Illustration of our wearable camera system: consisting of three wide-angle cameras, two mounted on the left and right wrists to capture hands (referred to as HandCam) and one mounted on the head (referred to as HeadCam). We use our HandCam system to robustly recognize object categories (e.g., kettle) and hand gestures (see red arrows for illustration). (Color figure online)

Despite many advantages of egocentric camera systems, there exists two main issues which are much less discussed [2]. Firstly, hand localization is not solved especially for passive camera systems. Even for active camera systems like Kinect, hand localization is challenging when two hands are interacting or a hand is interacting with an object. Secondly, the limited field-of-view of an egocentric camera implies that hands will inevitably move outside the images sometimes. On the other hand, cameras have been mounted on other locations to avoid similar issues. In project Digit [5], a camera is mounted on a user’s wrist to always observe the user’s hand pose. This allows a user to issue gesture commands at any time. Similarly, a camera has been mounted on a robot arm for accurately picking up an object [6]. In fact, the seminal work [7] has conducted simulation on 3D model of the human body to analyze the effects of field of view and body motion, when cameras are mounted at different locations. Hence, we argue that egocentric camera system might not be the best wearable system for recognizing human behaviors.

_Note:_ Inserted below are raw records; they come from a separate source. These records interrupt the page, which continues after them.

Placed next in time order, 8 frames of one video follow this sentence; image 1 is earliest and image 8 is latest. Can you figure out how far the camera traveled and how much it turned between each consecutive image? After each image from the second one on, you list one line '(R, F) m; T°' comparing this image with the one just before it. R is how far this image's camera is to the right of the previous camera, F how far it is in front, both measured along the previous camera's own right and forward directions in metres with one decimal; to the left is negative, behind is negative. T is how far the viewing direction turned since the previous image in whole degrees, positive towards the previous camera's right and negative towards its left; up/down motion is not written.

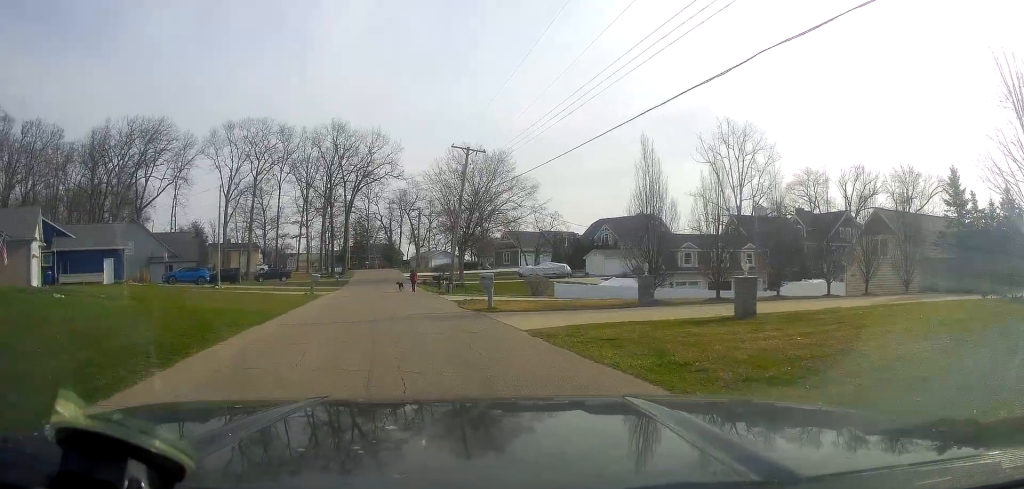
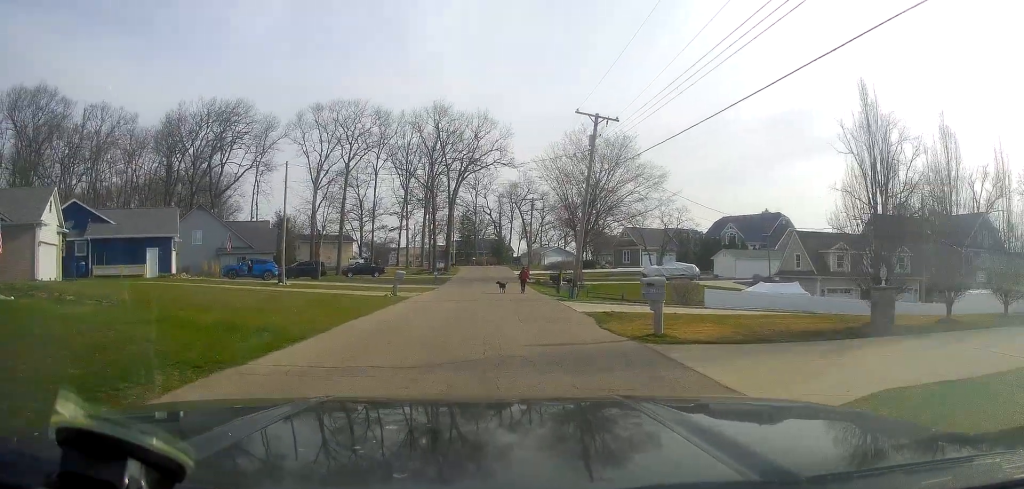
(-1.3, +8.5) m; -12°
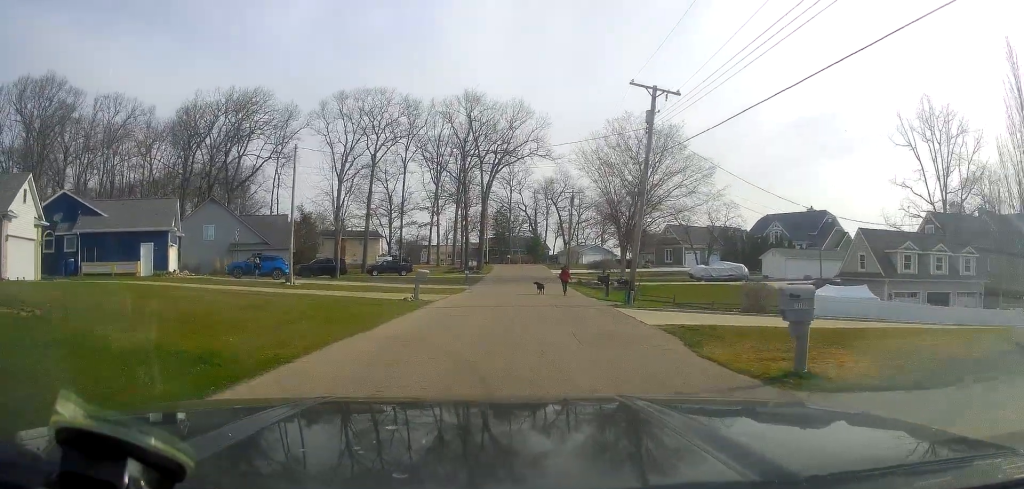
(-0.2, +5.2) m; -3°
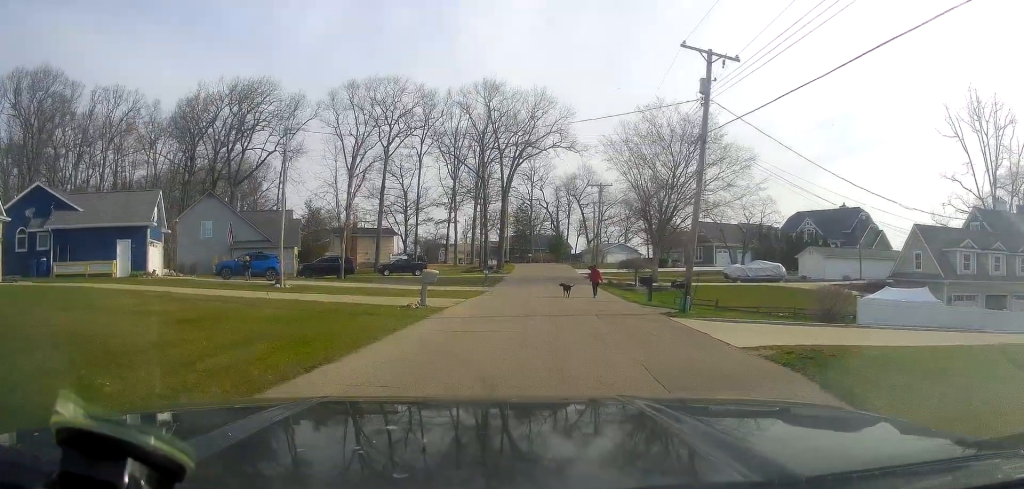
(-0.1, +5.0) m; -3°
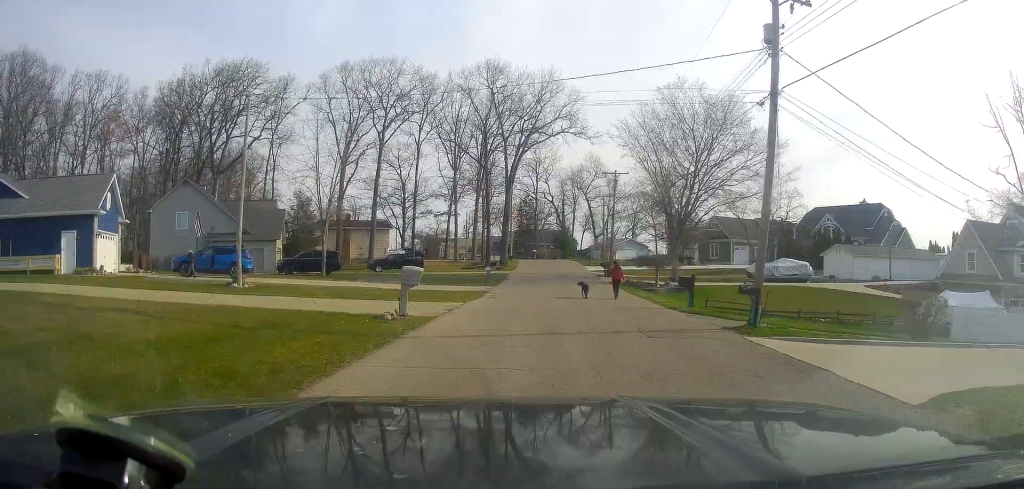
(-0.2, +5.6) m; -1°
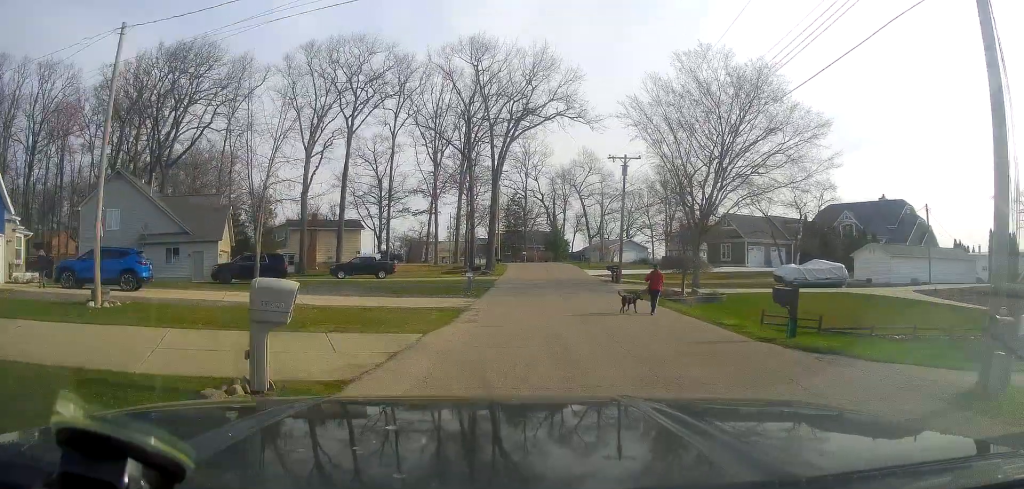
(+0.6, +9.0) m; +5°
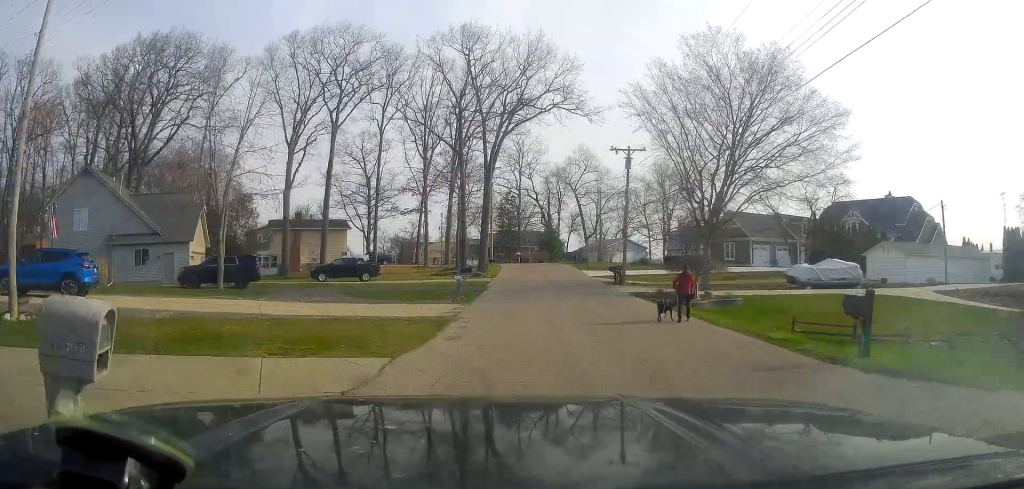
(+0.1, +3.4) m; 0°
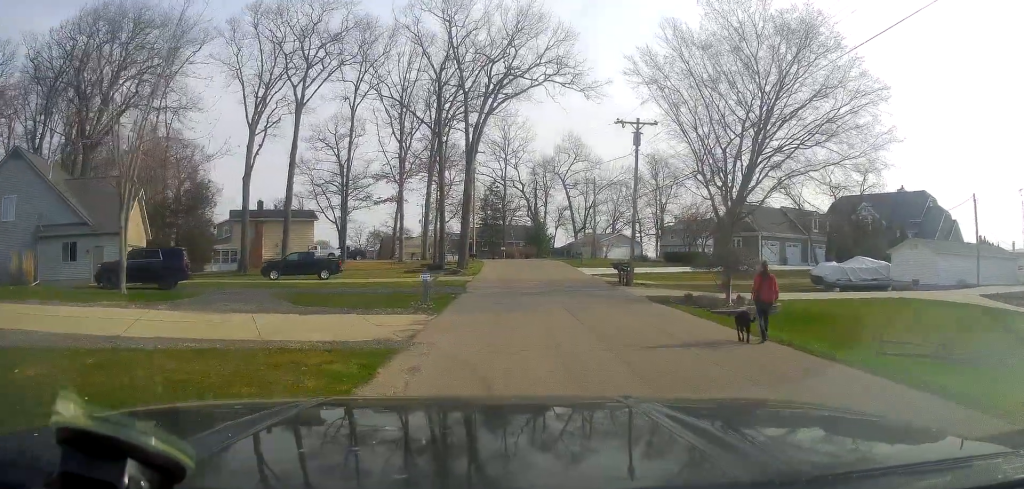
(-0.4, +6.8) m; -1°
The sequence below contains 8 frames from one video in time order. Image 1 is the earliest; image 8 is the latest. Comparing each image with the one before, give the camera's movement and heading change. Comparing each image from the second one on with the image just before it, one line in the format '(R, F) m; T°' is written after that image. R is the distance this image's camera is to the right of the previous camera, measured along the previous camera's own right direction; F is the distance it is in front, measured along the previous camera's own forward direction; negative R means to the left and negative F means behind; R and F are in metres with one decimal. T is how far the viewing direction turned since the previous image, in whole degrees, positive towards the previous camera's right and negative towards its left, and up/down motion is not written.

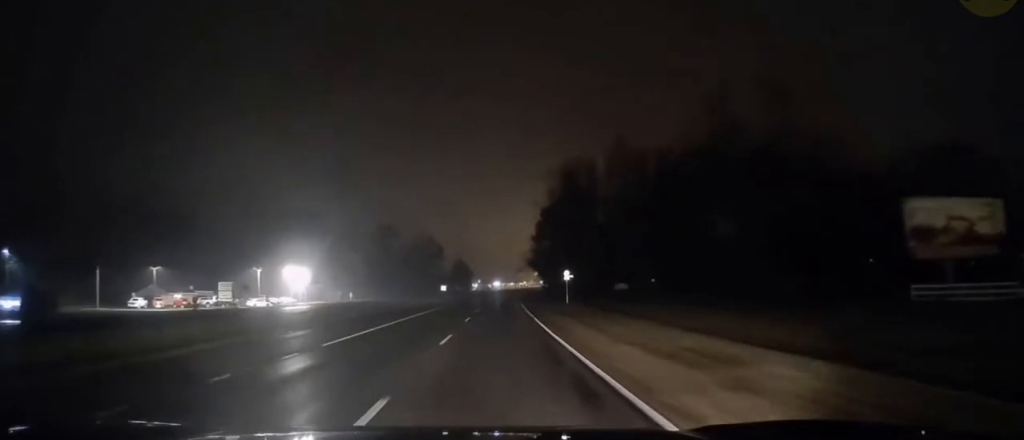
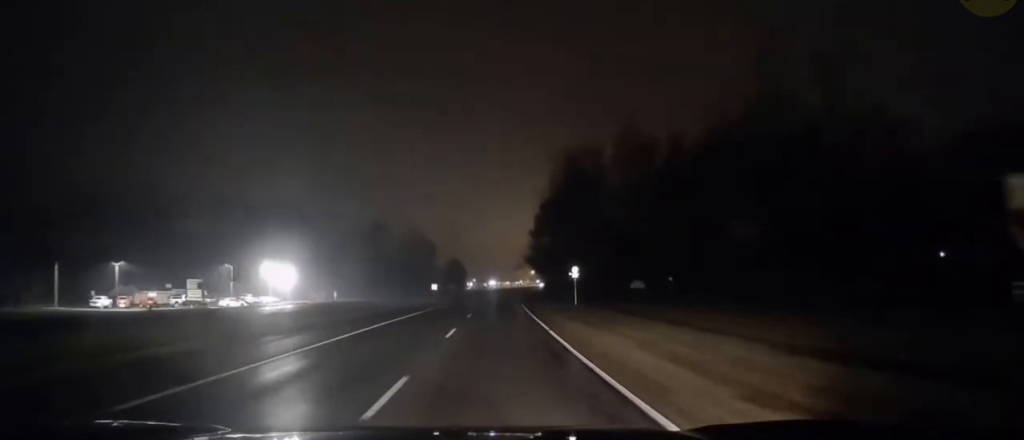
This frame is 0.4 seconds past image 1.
(0.0, +10.1) m; 0°
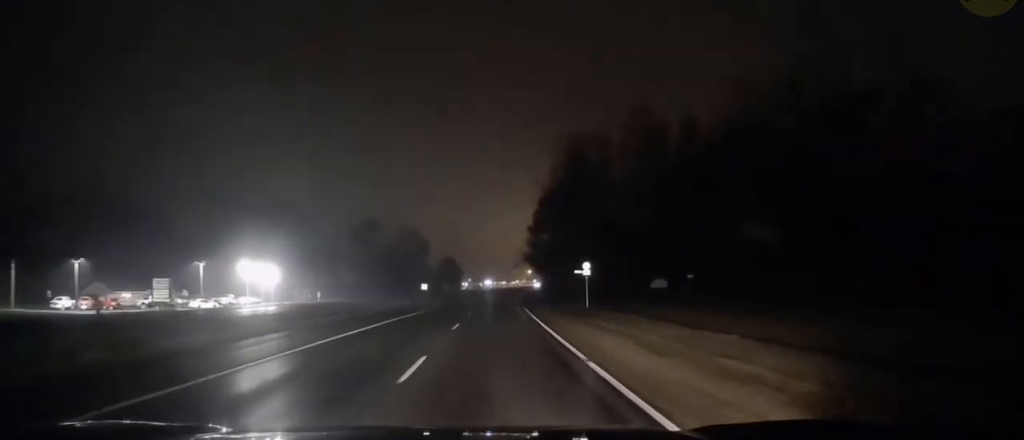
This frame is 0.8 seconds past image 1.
(0.0, +9.4) m; 0°
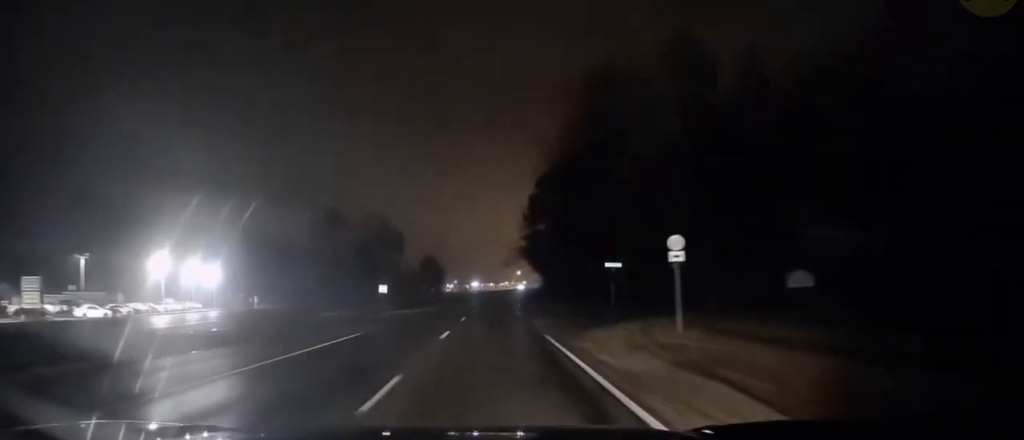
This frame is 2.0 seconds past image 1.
(0.0, +26.5) m; +1°
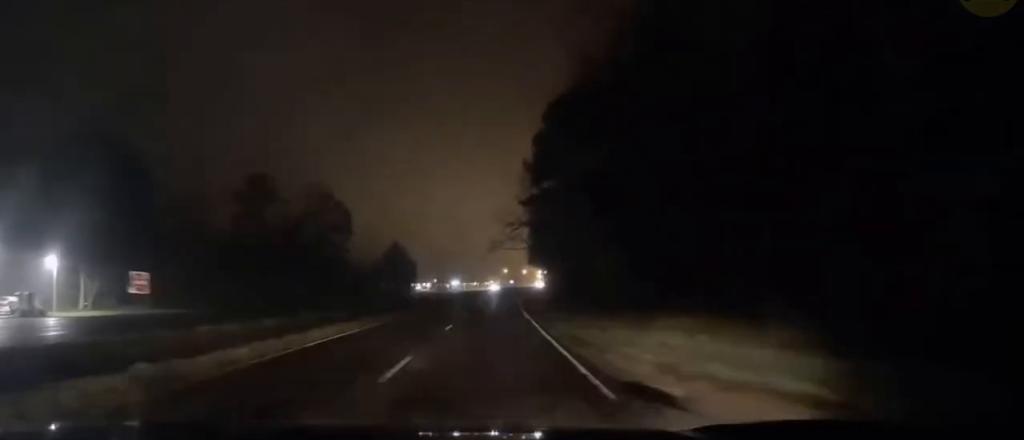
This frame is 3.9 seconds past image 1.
(+0.9, +45.3) m; +1°
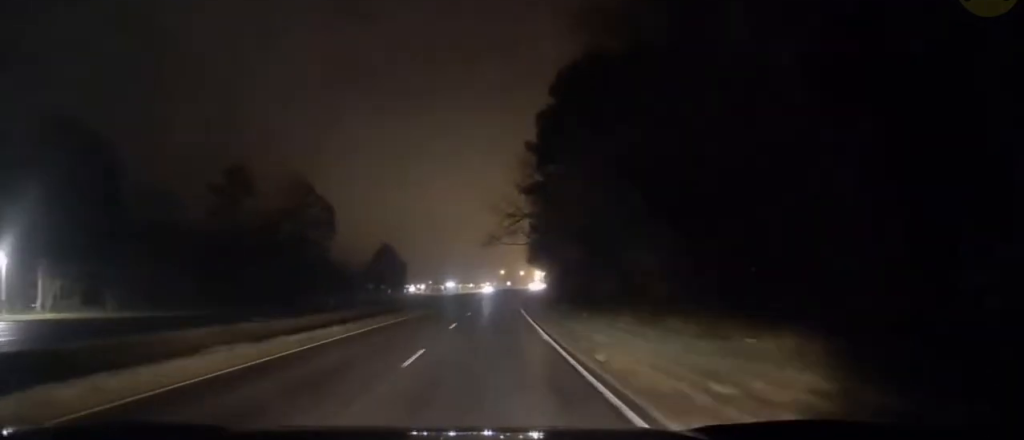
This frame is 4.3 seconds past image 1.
(-0.1, +10.2) m; 0°
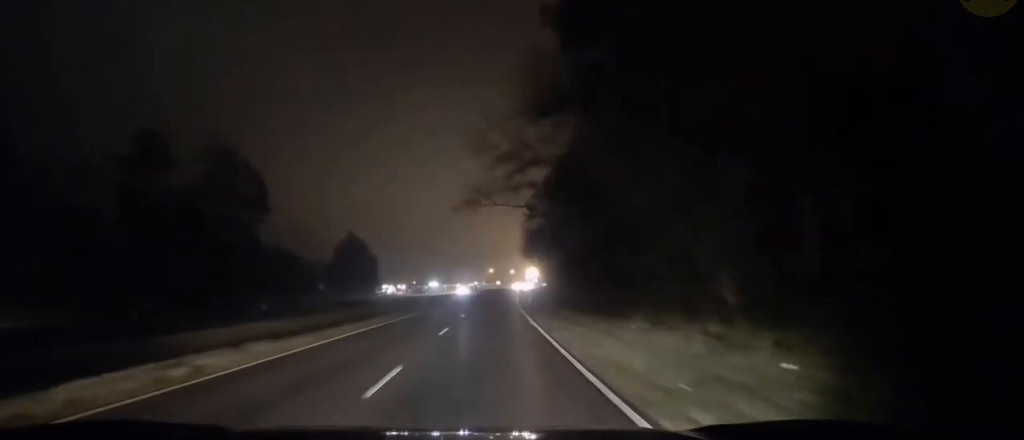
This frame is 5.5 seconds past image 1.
(+0.6, +28.2) m; +2°
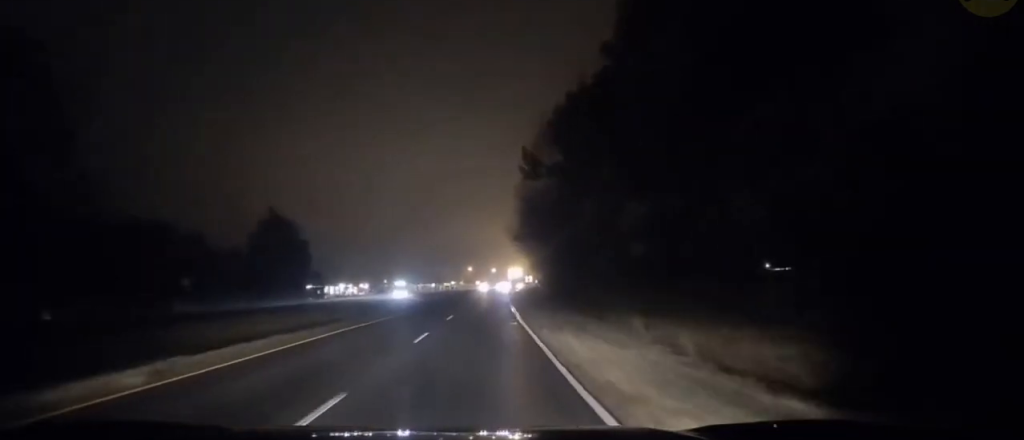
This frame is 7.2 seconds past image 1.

We revisit the wrist-mounted camera system (similar to [8]) to capture activities of both hands (Fig. 1). We name our system “HandCam” which is very different from egocentric systems with cameras on head or chest (e.g., [2, 4, 9]). By wearing cameras on wrists, HandCam directly recognizes the states of hands (e.g., object: kettle; gesture: medium-wrap in Fig. 1). It avoids the needs to detect hands and infer manipulation regions as required in classical egocentric systems [9]. A few methods have been proposed to recognize activities using wrist-mounted camera [8, 10]. They show that wrist-mounted sensor system can be small and user-friendly. They also primarily focus on fusing different sensing modalities. However, we focus on designing a deep-learning-based vision algorithm to improve recognition accuracy (see Sect. 2.3 for more comparison). Most importantly, we are one of the first to propose a novel two-streams deep network taking advantages of both HandCam and HeadCam. All our methods are design to classify hand states including free vs. active (i.e., hands holding objects or not), object categories, and hand gestures (Sect. 3.3). A similar method is also proposed to discover object categories in an unseen scene (Sect. 3.7).

To evaluate our system, we collected a new synchronized HandCam and HeadCam dataset for hand state recognition. The dataset consists of 20 sets of video sequences (i.e., each set includes two HandCams and one HeadCam synchronized videos) captured in three scenes: a small office, a mid-size lab, and a large home. In order to thoroughly analyze recognition tasks, we ask users to interact with multiple object categories and multiple object instances. We also ask multiple users to wear HandCam in a casual way to consider the variation introduced by multiple users. To overcome this variation, a fully automatic hand alignment method is proposed (Sect. 3.2).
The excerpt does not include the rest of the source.